WOW OMG STAR WARS THE FORCE AWAKENS LIGHTSABER HNNNGH
Frankly, I thought it just looked like a collection of random postmodern signifiers of what people think Star Wars is: a silly hovering vehicle, the desert, a funny droid, stormtroopers, X-Wings and the Millennium Falcon. All that tells me is that the people making this are trying to cash in on people's nostalgia and expectations rather than trying to make a good film.
BUT MILLENNIUM FALCON ORIGINAL TRILOGY
So because you see a bunch of digital recreations of stuff from thirty years ago, that makes you excited? Why?
YOU'RE JUST A HATER YOU WANT JAR JAR TO BE THE LAST THING EVER
True, I'm no great Star Wars fan. But I'd be curious to know how big a Star Wars fan you are as well. And if you are such a big fan, why do you care about new films made by someone else? Sure, some of the actors are the same, and George Lucas had a little involvement, but do you get this excited about fan fiction? These are sequels, they're not the same thing. They could be crap for all you know - unless of course you convince yourself that they're not crap before you even see it, which is no different to, say, writing it off as garbage before you even see it (as I'm doing). The original films were successful for their engagement with theory (especially Campbell's Monomyth) and their technical achievements. By the Prequels, that wasn't possible anymore. Bringing back Hamill, Ford and Fisher isn't going to change that.

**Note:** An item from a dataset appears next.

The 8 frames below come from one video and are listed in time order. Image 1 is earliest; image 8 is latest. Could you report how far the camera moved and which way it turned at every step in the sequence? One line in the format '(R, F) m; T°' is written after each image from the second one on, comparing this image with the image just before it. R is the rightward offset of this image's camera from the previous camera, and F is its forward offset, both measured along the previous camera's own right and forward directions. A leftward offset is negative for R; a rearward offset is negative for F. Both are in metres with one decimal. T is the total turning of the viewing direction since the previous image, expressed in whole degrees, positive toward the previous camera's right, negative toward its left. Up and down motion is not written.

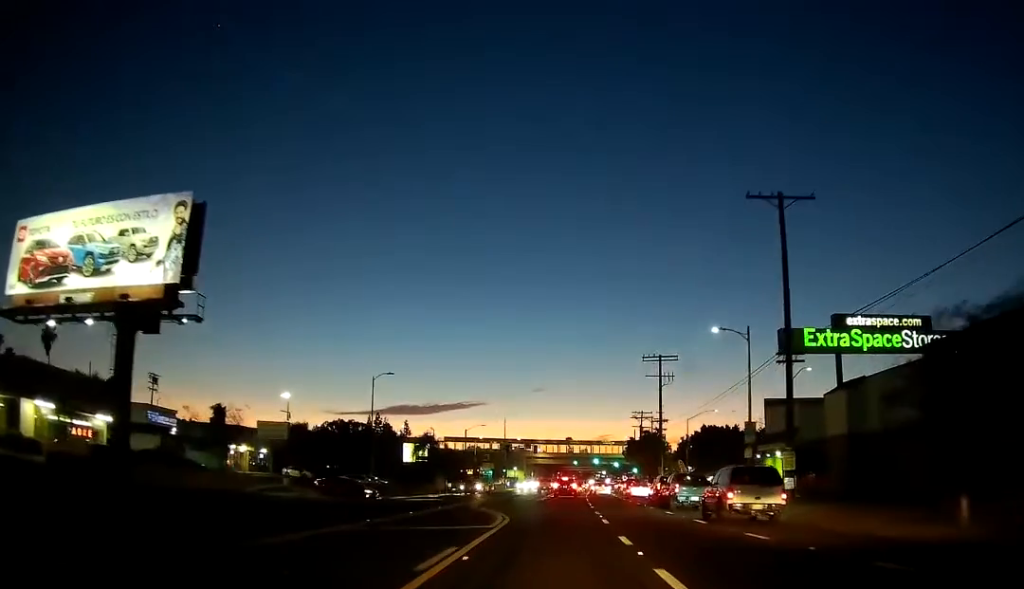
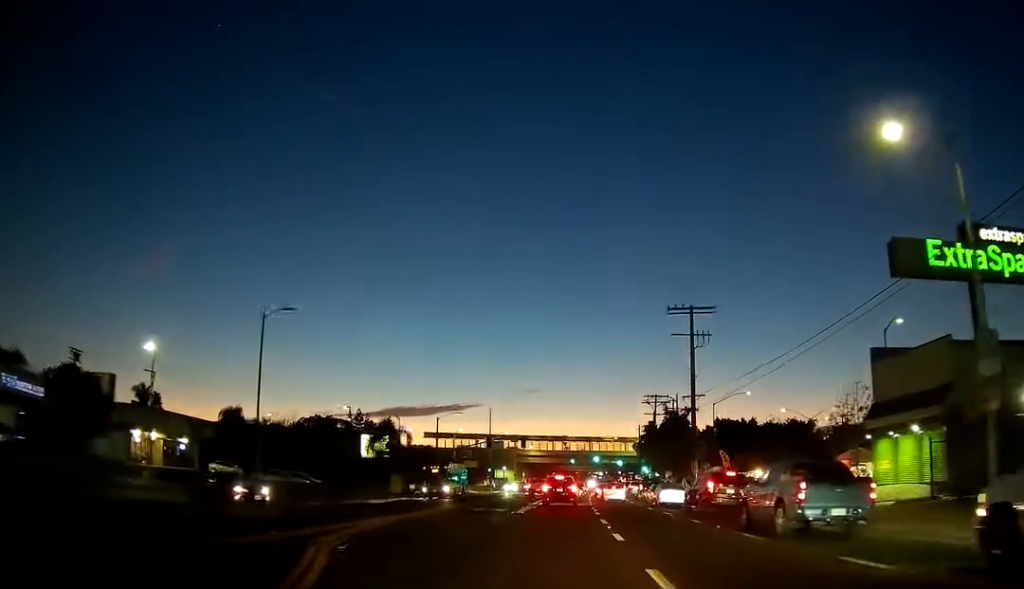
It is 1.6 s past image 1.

IT'LL BE ENTERTAINING YOU HATE ENTERTAINMENT HIPSTER
As I've discussed elsewhere surely 'entertainment' means different things to different people. Besides, as I said in my article on the Avengers 2 teaser, there's nothing noble or admirable about wanting 'just entertainment,' about not wanting to think. These corporations want you to not think so that you'll give them more money. Hollywood is about profit, and profit is about the bottom line: what's the least we can do to make the most? And if that means tricking people into seeing a 'continuation of the beloved original films' by using a bunch of meaningless signifiers (like the original cast) then that's what they'll do. You're not a hero for wanting to shut off your brain. That's a fatuous declaration that you want greedy businesses, who, and I must emphasise this, do not know or care about you at all, to manipulate you, exploit you and treat you with utter contempt in return for a few charlatan tricks to make you think you're consuming something you aren't.
Hollywood is the McDonald's of culture. Sure, the film might be good. I doubt it very, very much, but it might be. But as I said with Avengers, these films are pieces of product, and they don't deserve your enthusiasm. Or maybe I'm just a curmudgeon with a chip on his shoulder. But I still think you ought to calm down, show a little self-respect and not give these people exactly what they want.